The quake that irreparably damaged the building housing the Antigua Public Library (a building located on lower High Street on what is now …a car park?) shook Antigua in 1974.
This means that for some of us when our mothers talk about the library’s glory days we can only imagine, since my generation forward grew up in a country where a library had no such pride of place much less a home of its own. The library was temporarily housed upstairs the Silston’s Library with scaled back services given the size. Even that is something many of us will not remember. Though I remember being told of it by Ms. Phyllis Mayers, herself a library institution, and my former boss since I once held a summer job at the library during my high school years; and by the library, I mean the space above Lolita’s on Market Street into which the library and its services have been cramped since 1978.
The public library building project with its attendant stops and starts has been on our collective radar since the 1990s when the area was identified, the model was presented, and the building began the start and stop dance to construction.
It’s worth noting that the lack of a building of its own did not mean that the team – headed by Mayers (who in the words of her successor “played elegantly the hand she was dealt and kept the library going during most trying times”), later Dorothea Nelson (who succeeded Mayers in 1999), later Ryllis Mannix (since, and I stand to be corrected on this, 2011) – have not worked to provide service to the community. The stacks have been there for readers like me to discover; there have been progressive moves like the digitization of library resources and outreach such as AV Thursdays and the annual summer camp programme which blossomed through partnerships with the likes of the New York based Friends of Antigua Public Library. Think what they could do with proper facilities? No more need to curtail library hours due to vermin or heat; no longer being so cramped neither books nor bodies have enough space to breathe.
I wasn’t in Antigua when the new library opened though I saw many mocking references on my facebook to the “soft opening”. It’s the silly season but it’s also important not to play politics with the record, so I wanted to write something on this from outside of the bubble. I dug around for some dates (as referenced in this blog) and reached out with a few questions to the retired former library chief Dorothea Nelson, who was gracious enough to respond.

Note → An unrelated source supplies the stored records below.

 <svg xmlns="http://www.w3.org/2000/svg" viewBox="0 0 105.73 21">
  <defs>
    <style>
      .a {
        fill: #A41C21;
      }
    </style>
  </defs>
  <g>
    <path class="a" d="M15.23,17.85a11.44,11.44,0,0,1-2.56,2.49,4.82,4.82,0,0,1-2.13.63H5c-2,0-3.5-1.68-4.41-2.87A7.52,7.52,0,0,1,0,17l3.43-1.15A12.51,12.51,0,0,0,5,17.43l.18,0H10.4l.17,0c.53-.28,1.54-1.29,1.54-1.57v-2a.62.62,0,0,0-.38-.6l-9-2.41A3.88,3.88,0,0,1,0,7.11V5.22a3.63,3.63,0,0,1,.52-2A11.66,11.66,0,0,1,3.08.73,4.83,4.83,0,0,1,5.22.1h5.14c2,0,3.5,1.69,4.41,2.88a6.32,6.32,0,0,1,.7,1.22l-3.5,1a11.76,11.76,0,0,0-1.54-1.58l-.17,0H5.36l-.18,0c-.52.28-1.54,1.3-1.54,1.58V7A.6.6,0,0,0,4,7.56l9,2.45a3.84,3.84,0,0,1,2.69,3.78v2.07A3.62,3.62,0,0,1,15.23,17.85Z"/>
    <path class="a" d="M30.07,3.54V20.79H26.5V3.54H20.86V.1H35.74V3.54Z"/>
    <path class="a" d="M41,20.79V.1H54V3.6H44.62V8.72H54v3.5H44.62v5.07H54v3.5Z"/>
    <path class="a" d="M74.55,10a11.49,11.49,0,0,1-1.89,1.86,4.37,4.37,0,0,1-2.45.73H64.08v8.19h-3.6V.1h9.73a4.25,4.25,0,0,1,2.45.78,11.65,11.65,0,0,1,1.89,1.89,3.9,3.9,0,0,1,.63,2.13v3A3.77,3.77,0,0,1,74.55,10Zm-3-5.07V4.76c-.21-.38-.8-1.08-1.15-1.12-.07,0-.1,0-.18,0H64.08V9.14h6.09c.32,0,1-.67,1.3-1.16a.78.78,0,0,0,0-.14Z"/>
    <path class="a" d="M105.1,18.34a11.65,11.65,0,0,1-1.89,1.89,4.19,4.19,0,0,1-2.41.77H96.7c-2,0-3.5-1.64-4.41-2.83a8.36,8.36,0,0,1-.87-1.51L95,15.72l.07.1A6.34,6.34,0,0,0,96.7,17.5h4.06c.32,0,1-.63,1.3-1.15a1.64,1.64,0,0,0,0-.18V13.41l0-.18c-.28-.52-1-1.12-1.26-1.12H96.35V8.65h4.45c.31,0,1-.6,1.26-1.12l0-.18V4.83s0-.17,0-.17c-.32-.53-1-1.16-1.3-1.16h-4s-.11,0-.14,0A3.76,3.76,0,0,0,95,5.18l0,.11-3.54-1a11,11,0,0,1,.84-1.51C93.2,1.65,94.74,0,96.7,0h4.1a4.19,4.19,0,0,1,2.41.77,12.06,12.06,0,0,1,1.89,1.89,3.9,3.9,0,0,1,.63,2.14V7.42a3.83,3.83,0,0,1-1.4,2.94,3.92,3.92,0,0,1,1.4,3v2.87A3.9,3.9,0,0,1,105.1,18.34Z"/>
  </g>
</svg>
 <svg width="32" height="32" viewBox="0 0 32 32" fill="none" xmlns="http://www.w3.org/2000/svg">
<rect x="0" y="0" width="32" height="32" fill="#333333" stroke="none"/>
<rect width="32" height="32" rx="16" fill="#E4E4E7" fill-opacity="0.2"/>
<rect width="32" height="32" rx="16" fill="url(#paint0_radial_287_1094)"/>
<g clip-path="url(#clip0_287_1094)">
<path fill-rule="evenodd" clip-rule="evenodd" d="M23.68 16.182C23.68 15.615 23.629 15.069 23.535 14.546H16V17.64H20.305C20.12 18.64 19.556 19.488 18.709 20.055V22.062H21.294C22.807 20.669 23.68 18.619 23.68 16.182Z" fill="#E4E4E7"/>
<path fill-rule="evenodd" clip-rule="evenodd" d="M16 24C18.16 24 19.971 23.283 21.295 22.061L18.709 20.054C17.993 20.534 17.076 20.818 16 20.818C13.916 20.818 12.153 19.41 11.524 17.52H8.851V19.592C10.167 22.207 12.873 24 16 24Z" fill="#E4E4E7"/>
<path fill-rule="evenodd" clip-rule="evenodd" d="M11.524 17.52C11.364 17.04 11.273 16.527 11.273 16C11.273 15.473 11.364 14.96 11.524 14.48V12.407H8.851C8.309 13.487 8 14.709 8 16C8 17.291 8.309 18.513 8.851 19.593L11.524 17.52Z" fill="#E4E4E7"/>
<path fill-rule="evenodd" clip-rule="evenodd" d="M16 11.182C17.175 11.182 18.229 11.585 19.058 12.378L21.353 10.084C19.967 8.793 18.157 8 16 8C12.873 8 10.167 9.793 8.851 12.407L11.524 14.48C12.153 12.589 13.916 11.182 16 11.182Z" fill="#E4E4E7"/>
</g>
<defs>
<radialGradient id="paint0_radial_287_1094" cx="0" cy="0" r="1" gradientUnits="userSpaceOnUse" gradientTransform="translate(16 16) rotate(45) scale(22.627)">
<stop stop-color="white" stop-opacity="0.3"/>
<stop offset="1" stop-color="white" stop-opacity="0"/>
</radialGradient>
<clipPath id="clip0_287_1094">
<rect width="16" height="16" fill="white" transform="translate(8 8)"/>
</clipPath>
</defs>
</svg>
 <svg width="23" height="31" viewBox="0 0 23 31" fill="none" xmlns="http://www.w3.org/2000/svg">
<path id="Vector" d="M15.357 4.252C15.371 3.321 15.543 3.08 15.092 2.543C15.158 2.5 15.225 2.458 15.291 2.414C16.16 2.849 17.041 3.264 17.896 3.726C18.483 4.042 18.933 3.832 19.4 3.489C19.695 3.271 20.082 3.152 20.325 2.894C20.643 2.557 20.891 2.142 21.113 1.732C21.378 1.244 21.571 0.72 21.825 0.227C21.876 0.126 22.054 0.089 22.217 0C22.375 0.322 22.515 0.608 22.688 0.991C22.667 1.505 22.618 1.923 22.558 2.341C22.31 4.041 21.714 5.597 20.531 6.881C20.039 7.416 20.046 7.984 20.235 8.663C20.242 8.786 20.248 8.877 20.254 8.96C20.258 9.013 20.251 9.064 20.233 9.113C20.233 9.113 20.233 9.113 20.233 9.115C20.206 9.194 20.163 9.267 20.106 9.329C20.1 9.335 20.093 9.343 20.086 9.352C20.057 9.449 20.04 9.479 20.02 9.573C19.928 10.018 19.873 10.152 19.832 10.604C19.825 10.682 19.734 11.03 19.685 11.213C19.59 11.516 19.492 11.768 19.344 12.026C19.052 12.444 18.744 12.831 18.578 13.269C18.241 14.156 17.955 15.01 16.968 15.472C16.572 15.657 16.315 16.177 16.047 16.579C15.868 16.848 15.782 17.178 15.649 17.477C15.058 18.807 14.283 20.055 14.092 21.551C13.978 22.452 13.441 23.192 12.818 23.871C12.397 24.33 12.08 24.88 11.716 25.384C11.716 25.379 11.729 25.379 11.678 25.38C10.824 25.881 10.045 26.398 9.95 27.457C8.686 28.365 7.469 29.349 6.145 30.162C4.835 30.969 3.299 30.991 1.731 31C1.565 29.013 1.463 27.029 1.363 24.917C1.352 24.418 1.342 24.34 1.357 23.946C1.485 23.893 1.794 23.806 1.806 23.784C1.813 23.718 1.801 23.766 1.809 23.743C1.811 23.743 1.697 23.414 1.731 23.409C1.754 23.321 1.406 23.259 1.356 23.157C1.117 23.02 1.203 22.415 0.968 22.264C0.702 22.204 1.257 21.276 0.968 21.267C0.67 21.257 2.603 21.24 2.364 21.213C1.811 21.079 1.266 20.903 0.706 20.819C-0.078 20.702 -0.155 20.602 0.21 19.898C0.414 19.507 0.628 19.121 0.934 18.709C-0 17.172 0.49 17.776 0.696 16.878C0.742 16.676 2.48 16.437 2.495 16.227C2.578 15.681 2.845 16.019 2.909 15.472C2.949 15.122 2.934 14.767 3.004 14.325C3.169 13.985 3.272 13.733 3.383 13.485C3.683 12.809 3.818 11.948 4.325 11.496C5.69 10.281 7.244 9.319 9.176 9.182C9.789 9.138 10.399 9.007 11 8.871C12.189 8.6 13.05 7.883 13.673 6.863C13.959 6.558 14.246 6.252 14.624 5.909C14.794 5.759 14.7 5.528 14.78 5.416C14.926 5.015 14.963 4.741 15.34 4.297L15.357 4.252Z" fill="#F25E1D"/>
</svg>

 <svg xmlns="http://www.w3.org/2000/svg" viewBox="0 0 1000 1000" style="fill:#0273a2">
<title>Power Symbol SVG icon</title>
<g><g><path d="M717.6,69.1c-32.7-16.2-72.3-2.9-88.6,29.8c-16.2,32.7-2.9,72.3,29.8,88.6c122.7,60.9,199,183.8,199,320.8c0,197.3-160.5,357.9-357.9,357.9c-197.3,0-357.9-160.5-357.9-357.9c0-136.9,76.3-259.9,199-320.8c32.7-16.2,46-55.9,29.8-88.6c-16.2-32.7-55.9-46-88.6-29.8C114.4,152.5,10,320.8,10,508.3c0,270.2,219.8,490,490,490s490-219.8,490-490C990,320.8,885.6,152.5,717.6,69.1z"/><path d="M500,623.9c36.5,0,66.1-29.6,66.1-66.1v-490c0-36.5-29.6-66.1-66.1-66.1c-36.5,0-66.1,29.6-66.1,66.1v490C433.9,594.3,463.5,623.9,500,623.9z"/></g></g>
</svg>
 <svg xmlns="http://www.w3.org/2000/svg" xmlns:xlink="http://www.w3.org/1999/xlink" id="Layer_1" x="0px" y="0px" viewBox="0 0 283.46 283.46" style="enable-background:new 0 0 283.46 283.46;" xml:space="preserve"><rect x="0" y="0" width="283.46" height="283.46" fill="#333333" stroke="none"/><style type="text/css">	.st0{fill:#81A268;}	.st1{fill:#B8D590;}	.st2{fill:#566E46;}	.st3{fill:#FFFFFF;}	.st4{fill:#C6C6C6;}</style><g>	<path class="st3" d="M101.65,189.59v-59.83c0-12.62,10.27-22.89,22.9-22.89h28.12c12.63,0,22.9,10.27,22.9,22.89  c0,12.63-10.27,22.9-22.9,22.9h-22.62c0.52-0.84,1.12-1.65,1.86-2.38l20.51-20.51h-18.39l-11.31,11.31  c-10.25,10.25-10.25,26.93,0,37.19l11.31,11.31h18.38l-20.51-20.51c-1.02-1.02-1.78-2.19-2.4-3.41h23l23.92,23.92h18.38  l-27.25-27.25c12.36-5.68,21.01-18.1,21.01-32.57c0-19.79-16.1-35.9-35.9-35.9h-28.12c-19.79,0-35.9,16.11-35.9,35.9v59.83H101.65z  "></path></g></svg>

Me: Can you remember when the building committee was formed and when construction actually begun?
Ms. Nelson: “Ground was actually broken in the 1990’s. I wouldn’t want to state a specific year for I am uncertain.”
Me: Can you estimate what we have lost as a community not having a home for the library for the past 40 years?
Ms. Nelson: “I think we lost Antiguans experiencing the true value of a library to the all-round development of both the individual and the society. The majority of Antiguans have a very poor perception of the library’s role and value to society. Almost every time someone talks of the library especially of donating to the library, the automatic response is books. People will make comments like I can go to the Internet to get any information I want. A library is much more than a storehouse for books. I hope that the library will be staffed by people who know how to build relationships with the community, plan meaningful programmes for people on every strata of society, and reach out to previously unreached members of society such as people with disabilities. There is so much that can be done.”
I also asked Ms. Nelson for her take on where the blame lies for our lack of a home for our library for some four decades. She said, “I am not about casting blame or pointing out who is most responsible. After all, as a citizenry we all collectively allowed it to happen. So blame can be shared all around. After all we are part of a participatory democracy. What we need to do now is look toward and plan for the future.”
What, I wondered, should be the benchmarks going forward. Ms. Nelson had an answer for that, too: “I am sure you realize that I firmly believe in training for staff. Training is essential if staff is to function efficiently and effectively. I would like to see the national library service bill put to parliament and passed. It includes the establishment of a national library board. I put the bill together years ago based on similar bills passed in other countries and had it vetted by a lawyer. The bill should be on file at the Ministry of Education. At the time it was presented it was to be sent to the Ministry of Legal Affairs for further scrutiny. I never heard about it again. I would also like to see branch libraries developed all connected to the main public library and each other via the Internet. A virtual library is needed as well. Items that represent our history and culture should be digitized and made accessible online. We already have the capability at the library. I left a vibrant automation department staffed by well-trained people. All that is needed is certain specialized equipment and that process can begin before all these artifacts are lost to us. I would also like to see the development of a genealogy database. It is past the time when we should be able to trace our individual histories. I know that some of this is ground breaking for the Caribbean, but why can’t Antigua be a trend setter? These things are not beyond the reach of the library.”
Recently, I saw this guest post on the library’s facebook page: “I was reading the book A Small Place – Jamaica Kincaid, she had mentioned the library being located above a dry-goods store on Market St., where is it now?” This was about a month old when I saw it. At this writing, I don’t have the witness of my own eyes, and everything I’ve read indicates that there is still a gap between the formal opening and the actual opening but I’m hoping that finally, finally we’re moving in the right direction and that we can finally, finally say, the library is located in its very own home, X marks the spot.